▸ Available data

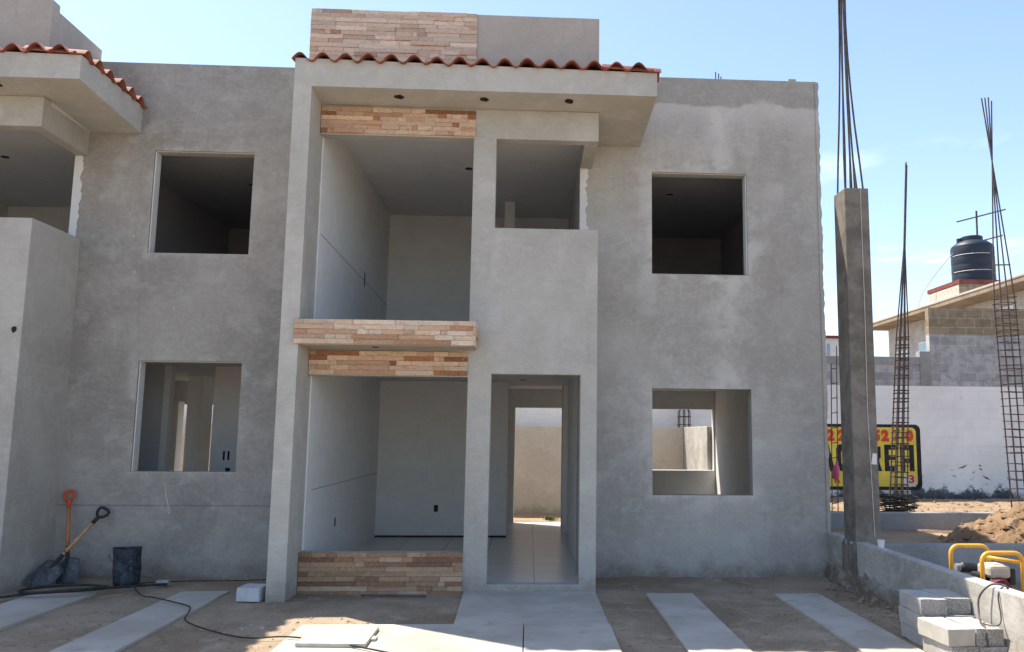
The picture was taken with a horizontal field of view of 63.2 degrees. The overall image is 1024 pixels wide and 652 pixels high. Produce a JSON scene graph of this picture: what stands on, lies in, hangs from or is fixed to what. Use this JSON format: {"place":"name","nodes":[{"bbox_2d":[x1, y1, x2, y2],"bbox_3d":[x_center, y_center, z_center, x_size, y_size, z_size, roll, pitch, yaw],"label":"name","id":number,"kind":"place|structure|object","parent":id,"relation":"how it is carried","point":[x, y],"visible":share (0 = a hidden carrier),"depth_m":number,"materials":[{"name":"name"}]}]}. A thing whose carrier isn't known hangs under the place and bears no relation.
{"place":"outdoors","nodes":[
{"label":"outdoors","id":0,"kind":"place"},
{"bbox_2d":[0,576,925,651],"bbox_3d":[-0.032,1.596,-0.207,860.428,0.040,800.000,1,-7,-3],"label":"ground","id":1,"kind":"structure","parent":0,"point":[640,601],"depth_m":7.41,"materials":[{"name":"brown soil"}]},
{"bbox_2d":[0,593,95,630],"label":"driveway strip","id":2,"kind":"object","parent":1,"relation":"on","point":[17,611],"visible":0.55,"depth_m":7.54,"materials":[{"name":"concrete"}]},
{"bbox_2d":[24,506,110,586],"bbox_3d":[-4.663,2.332,8.813,0.245,1.018,0.100,29,-39,6],"label":"shovel","id":3,"kind":"object","parent":1,"relation":"on","point":[47,572],"visible":0.98,"depth_m":8.63,"materials":[{"name":"metal"}]},
{"bbox_2d":[56,489,79,583],"bbox_3d":[-4.760,2.252,8.934,0.230,1.014,0.100,-10,-27,-7],"label":"shovel","id":4,"kind":"object","parent":1,"relation":"on","point":[70,565],"visible":0.91,"depth_m":8.80,"materials":[{"name":"metal"}]},
{"bbox_2d":[0,583,166,598],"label":"hose","id":5,"kind":"object","parent":1,"relation":"on","point":[22,592],"visible":1,"depth_m":8.16,"materials":[{"name":"black rubber"}]},
{"bbox_2d":[109,546,141,585],"bbox_3d":[-4.045,2.520,8.736,0.300,0.387,0.279,1,-7,-3],"label":"bucket","id":6,"kind":"object","parent":1,"relation":"on","point":[126,567],"visible":0.98,"depth_m":8.64,"materials":[{"name":"plastic"}]},
{"bbox_2d":[49,591,228,651],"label":"driveway strip","id":7,"kind":"object","parent":1,"relation":"on","point":[124,633],"visible":0.76,"depth_m":6.84,"materials":[{"name":"concrete"}]},
{"bbox_2d":[0,0,294,593],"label":"unfinished house","id":8,"kind":"structure","parent":1,"relation":"on","point":[143,211],"depth_m":9.46,"materials":[{"name":"grey concrete"}]},
{"bbox_2d":[155,580,170,585],"bbox_3d":[-3.627,2.668,8.646,0.142,0.065,0.069,-1,-7,10],"label":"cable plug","id":9,"kind":"object","parent":1,"relation":"on","point":[168,582],"visible":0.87,"depth_m":8.62,"materials":[{"name":"white plastic"}]},
{"bbox_2d":[236,583,265,601],"bbox_3d":[-2.480,2.555,7.974,0.228,0.128,0.254,0,-7,7],"label":"concrete block","id":10,"kind":"object","parent":1,"relation":"on","point":[251,592],"depth_m":7.86,"materials":[{"name":"grey concrete"}]},
{"bbox_2d":[134,579,387,651],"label":"power cable","id":11,"kind":"object","parent":1,"relation":"on","point":[188,622],"visible":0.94,"depth_m":6.84,"materials":[{"name":"black rubber"}]},
{"bbox_2d":[361,594,425,596],"bbox_3d":[-1.157,2.633,8.127,0.640,0.023,0.039,0,-7,1],"label":"steel rod","id":12,"kind":"object","parent":1,"relation":"on","point":[381,595],"visible":1,"depth_m":8.12,"materials":[{"name":"metal"}]},
{"bbox_2d":[270,624,522,651],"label":"pavement slab","id":13,"kind":"structure","parent":1,"relation":"on","point":[450,638],"depth_m":6.45,"materials":[{"name":"concrete"}]},
{"bbox_2d":[295,626,378,647],"bbox_3d":[-1.332,2.403,6.440,0.584,0.029,0.575,1,-7,-3],"label":"slab lid","id":14,"kind":"object","parent":13,"relation":"on","point":[333,636],"visible":0.98,"depth_m":6.38,"materials":[{"name":"white concrete"}]},
{"bbox_2d":[180,423,682,513],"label":"yard wall","id":15,"kind":"structure","parent":1,"relation":"on","point":[537,476],"depth_m":17.00,"materials":[{"name":"beige paint"}]},
{"bbox_2d":[454,591,607,623],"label":"walkway","id":16,"kind":"structure","parent":1,"relation":"on","point":[529,607],"depth_m":7.60,"materials":[{"name":"concrete"}]},
{"bbox_2d":[265,8,830,601],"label":"unfinished house","id":17,"kind":"structure","parent":1,"relation":"on","point":[493,222],"depth_m":9.69,"materials":[{"name":"grey concrete"}]},
{"bbox_2d":[524,623,621,651],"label":"pavement slab","id":18,"kind":"structure","parent":1,"relation":"on","point":[569,637],"depth_m":6.51,"materials":[{"name":"concrete"}]},
{"bbox_2d":[183,351,1023,499],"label":"boundary wall","id":19,"kind":"structure","parent":1,"relation":"on","point":[956,414],"depth_m":18.01,"materials":[{"name":"paint"}]},
{"bbox_2d":[827,424,921,489],"bbox_3d":[6.672,2.790,17.775,4.273,1.395,0.018,1,-7,-3],"label":"painted sign","id":20,"kind":"object","parent":19,"relation":"attached to","point":[884,436],"visible":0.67,"depth_m":17.85,"materials":[{"name":"yellow paint"}]},
{"bbox_2d":[683,426,711,469],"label":"yard wall","id":21,"kind":"structure","parent":1,"relation":"on","point":[697,448],"depth_m":15.74,"materials":[{"name":"concrete"}]},
{"bbox_2d":[677,409,690,426],"bbox_3d":[3.610,2.835,17.426,0.283,2.506,0.202,1,-7,-3],"label":"rebar cage","id":22,"kind":"object","parent":21,"relation":"in","point":[683,424],"visible":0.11,"depth_m":17.47,"materials":[{"name":"metal"}]},
{"bbox_2d":[646,593,752,651],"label":"driveway strip","id":23,"kind":"object","parent":1,"relation":"on","point":[694,622],"visible":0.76,"depth_m":7.01,"materials":[{"name":"concrete"}]},
{"bbox_2d":[774,593,924,651],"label":"driveway strip","id":24,"kind":"object","parent":1,"relation":"on","point":[854,630],"visible":0.76,"depth_m":7.03,"materials":[{"name":"concrete"}]},
{"bbox_2d":[810,578,900,626],"bbox_3d":[3.360,2.683,8.150,0.458,0.054,2.509,0,-7,2],"label":"rubble","id":25,"kind":"object","parent":1,"relation":"on","point":[863,599],"visible":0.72,"depth_m":8.06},
{"bbox_2d":[834,0,880,588],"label":"concrete column","id":26,"kind":"structure","parent":1,"relation":"on","point":[856,351],"depth_m":9.03,"materials":[{"name":"concrete"}]},
{"bbox_2d":[860,189,874,531],"bbox_3d":[3.818,0.348,8.959,0.040,3.750,0.008,1,-7,-3],"label":"plumb line","id":27,"kind":"object","parent":26,"relation":"hanging from","point":[866,362],"visible":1,"depth_m":8.94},
{"bbox_2d":[871,453,876,464],"bbox_3d":[3.839,1.410,8.830,0.064,0.120,0.008,1,-7,-3],"label":"paper tag","id":28,"kind":"object","parent":26,"relation":"attached to","point":[874,458],"visible":1,"depth_m":8.83,"materials":[{"name":"white paper"}]},
{"bbox_2d":[830,512,992,529],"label":"foundation wall","id":29,"kind":"structure","parent":1,"relation":"on","point":[925,520],"depth_m":12.79,"materials":[{"name":"concrete"}]},
{"bbox_2d":[901,621,922,646],"bbox_3d":[3.250,2.425,6.543,0.202,0.124,0.404,0,-7,1],"label":"concrete block","id":30,"kind":"object","parent":1,"relation":"on","point":[909,632],"depth_m":6.56,"materials":[{"name":"grey concrete"}]},
{"bbox_2d":[824,533,1023,651],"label":"retaining wall","id":31,"kind":"structure","parent":1,"relation":"on","point":[885,576],"depth_m":7.41,"materials":[{"name":"concrete"}]},
{"bbox_2d":[877,539,884,547],"bbox_3d":[3.673,2.168,8.286,0.072,0.075,0.070,1,-7,-3],"label":"plastic cup","id":32,"kind":"object","parent":31,"relation":"on","point":[880,542],"visible":1,"depth_m":8.26,"materials":[{"name":"white plastic"}]},
{"bbox_2d":[977,583,1008,647],"bbox_3d":[3.415,2.105,5.693,0.212,0.538,1.032,-2,-8,15],"label":"power cable","id":33,"kind":"object","parent":31,"relation":"on","point":[979,596],"visible":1,"depth_m":6.07,"materials":[{"name":"rubber"}]},
{"bbox_2d":[873,273,1023,356],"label":"neighbour house","id":34,"kind":"structure","parent":1,"relation":"on","point":[968,293],"depth_m":23.54,"materials":[{"name":"concrete"}]},
{"bbox_2d":[919,341,925,350],"bbox_3d":[12.832,0.981,25.679,0.032,1.050,1.105,0,-7,1],"label":"window","id":35,"kind":"structure","parent":34,"relation":"in","point":[922,345],"depth_m":26.03,"materials":[{"name":"blue glass"}]},
{"bbox_2d":[950,235,996,280],"bbox_3d":[13.574,-1.910,24.521,1.161,1.460,1.162,1,-7,-3],"label":"water tank","id":36,"kind":"object","parent":34,"relation":"on","point":[971,257],"visible":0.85,"depth_m":24.07,"materials":[{"name":"black plastic"}]},
{"bbox_2d":[918,253,952,305],"bbox_3d":[12.609,-1.346,24.829,0.112,1.612,1.170,7,-10,-41],"label":"hanging cable","id":37,"kind":"object","parent":36,"relation":"hanging from","point":[933,277],"visible":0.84,"depth_m":24.82,"materials":[{"name":"black rubber"}]},
{"bbox_2d":[956,209,1010,265],"bbox_3d":[14.717,-2.052,25.922,1.643,3.320,0.060,1,-7,-3],"label":"roof aerial","id":38,"kind":"object","parent":34,"relation":"on","point":[976,216],"visible":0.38,"depth_m":26.04,"materials":[{"name":"metal"}]},
{"bbox_2d":[1000,305,1013,308],"bbox_3d":[12.768,-0.034,22.120,0.028,0.750,2.008,0,-7,1],"label":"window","id":39,"kind":"structure","parent":34,"relation":"in","point":[1012,306],"depth_m":21.30,"materials":[{"name":"white glass"}]},
{"bbox_2d":[922,635,979,651],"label":"concrete block","id":40,"kind":"object","parent":1,"relation":"on","point":[930,645],"depth_m":6.05,"materials":[{"name":"grey concrete"}]},
{"bbox_2d":[918,617,975,646],"bbox_3d":[3.188,2.245,6.118,0.203,0.124,0.402,1,-7,-4],"label":"concrete block","id":41,"kind":"object","parent":40,"relation":"on","point":[947,632],"depth_m":6.00,"materials":[{"name":"grey concrete"}]},
{"bbox_2d":[884,543,1023,582],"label":"foundation wall","id":42,"kind":"structure","parent":1,"relation":"on","point":[936,553],"depth_m":8.94,"materials":[{"name":"concrete"}]},
{"bbox_2d":[977,646,1007,651],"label":"concrete block","id":43,"kind":"object","parent":1,"relation":"on","point":[994,649],"depth_m":5.89,"materials":[{"name":"grey concrete"}]},
{"bbox_2d":[946,617,1004,646],"bbox_3d":[3.405,2.248,6.129,0.205,0.123,0.404,1,-7,-2],"label":"concrete block","id":44,"kind":"object","parent":43,"relation":"on","point":[995,636],"depth_m":5.94,"materials":[{"name":"grey concrete"}]},
{"bbox_2d":[513,514,560,522],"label":"back yard","id":45,"kind":"structure","parent":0,"point":[528,518],"depth_m":16.07,"materials":[{"name":"soil"}]},
{"bbox_2d":[543,516,557,520],"bbox_3d":[0.727,3.613,15.634,0.304,0.095,0.392,1,-7,-3],"label":"weed","id":46,"kind":"object","parent":45,"relation":"on","point":[549,518],"visible":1,"depth_m":15.60,"materials":[{"name":"green plant"}]},
{"bbox_2d":[54,0,1023,355],"label":"sky","id":47,"kind":"structure","parent":0,"point":[921,71],"materials":[{"name":"blue"}]},
{"bbox_2d":[825,335,838,355],"bbox_3d":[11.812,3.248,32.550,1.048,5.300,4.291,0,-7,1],"label":"distant house","id":48,"kind":"structure","parent":0,"point":[831,342],"depth_m":30.84,"materials":[{"name":"white paint"}]},
{"bbox_2d":[827,344,829,355],"bbox_3d":[11.719,0.882,30.830,0.128,0.450,0.040,1,-7,-3],"label":"window","id":49,"kind":"structure","parent":48,"relation":"in","point":[828,345],"depth_m":30.81,"materials":[{"name":"blue glass"}]},
{"bbox_2d":[899,605,948,628],"bbox_3d":[3.236,2.301,6.548,0.204,0.123,0.403,0,-7,0],"label":"concrete block","id":50,"kind":"object","parent":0,"point":[908,616],"depth_m":6.55,"materials":[{"name":"grey concrete"}]},
{"bbox_2d":[899,590,947,615],"bbox_3d":[3.244,2.182,6.574,0.203,0.123,0.404,0,-7,3],"label":"concrete block","id":51,"kind":"object","parent":50,"relation":"on","point":[922,602],"depth_m":6.42,"materials":[{"name":"grey concrete"}]},
{"bbox_2d":[830,497,1023,591],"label":"building plot","id":52,"kind":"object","parent":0,"point":[909,536],"visible":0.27,"depth_m":13.79,"materials":[{"name":"soil"}]},
{"bbox_2d":[831,346,838,511],"bbox_3d":[5.109,1.725,13.184,0.202,2.844,0.025,1,-7,-3],"label":"rebar ladder","id":53,"kind":"object","parent":52,"relation":"on","point":[837,487],"visible":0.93,"depth_m":13.19,"materials":[{"name":"metal"}]},
{"bbox_2d":[832,461,839,479],"bbox_3d":[5.080,2.258,13.037,0.100,0.290,0.097,7,-8,-2],"label":"plastic bottle","id":54,"kind":"object","parent":53,"relation":"hanging from","point":[836,470],"visible":1,"depth_m":13.00,"materials":[{"name":"pink plastic"}]},
{"bbox_2d":[879,493,918,511],"bbox_3d":[6.147,2.833,13.306,0.692,0.302,0.604,1,-7,-3],"label":"wire coil","id":55,"kind":"object","parent":52,"relation":"on","point":[904,504],"visible":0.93,"depth_m":13.13,"materials":[{"name":"black metal"}]},
{"bbox_2d":[889,162,909,511],"bbox_3d":[6.358,0.116,13.667,0.582,5.821,0.211,1,-7,-3],"label":"rebar cage","id":56,"kind":"object","parent":52,"relation":"on","point":[902,305],"visible":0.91,"depth_m":13.56,"materials":[{"name":"metal"}]},
{"bbox_2d":[830,498,1023,511],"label":"soil clods","id":57,"kind":"object","parent":52,"relation":"on","point":[999,505],"visible":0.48,"depth_m":15.18,"materials":[{"name":"brown soil"}]},
{"bbox_2d":[937,501,1023,542],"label":"soil clods","id":58,"kind":"object","parent":52,"relation":"on","point":[1004,527],"visible":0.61,"depth_m":11.10,"materials":[{"name":"brown soil"}]},
{"bbox_2d":[940,503,1023,542],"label":"dirt pile","id":59,"kind":"object","parent":52,"relation":"on","point":[958,534],"visible":0.34,"depth_m":11.01,"materials":[{"name":"soil"}]},
{"bbox_2d":[948,544,1023,591],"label":"plate compactor","id":60,"kind":"object","parent":52,"relation":"on","point":[993,572],"visible":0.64,"depth_m":6.93,"materials":[{"name":"yellow metal"}]},
{"bbox_2d":[981,97,1023,507],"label":"rebar cage","id":61,"kind":"object","parent":52,"relation":"on","point":[989,125],"visible":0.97,"depth_m":13.12,"materials":[{"name":"metal"}]},
{"bbox_2d":[925,308,1023,365],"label":"gable wall","id":62,"kind":"structure","parent":0,"point":[961,336],"depth_m":18.31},
{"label":"concrete block","id":63,"kind":"object","parent":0,"visible":0},
{"bbox_2d":[948,614,974,617],"bbox_3d":[3.454,2.305,6.564,0.203,0.123,0.403,0,-7,2],"label":"concrete block","id":64,"kind":"object","parent":63,"relation":"on","point":[958,615],"depth_m":6.39,"materials":[{"name":"grey concrete"}]},
{"bbox_2d":[923,589,970,614],"bbox_3d":[3.455,2.190,6.624,0.203,0.124,0.403,0,-7,4],"label":"concrete block","id":65,"kind":"object","parent":64,"relation":"on","point":[957,603],"depth_m":6.43,"materials":[{"name":"grey concrete"}]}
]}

▸ Problem requirements
Gather each line in these records that contains the string "outdoors".

▸ Output for this exercise
{"place":"outdoors","nodes":[
{"label":"outdoors","id":0,"kind":"place"},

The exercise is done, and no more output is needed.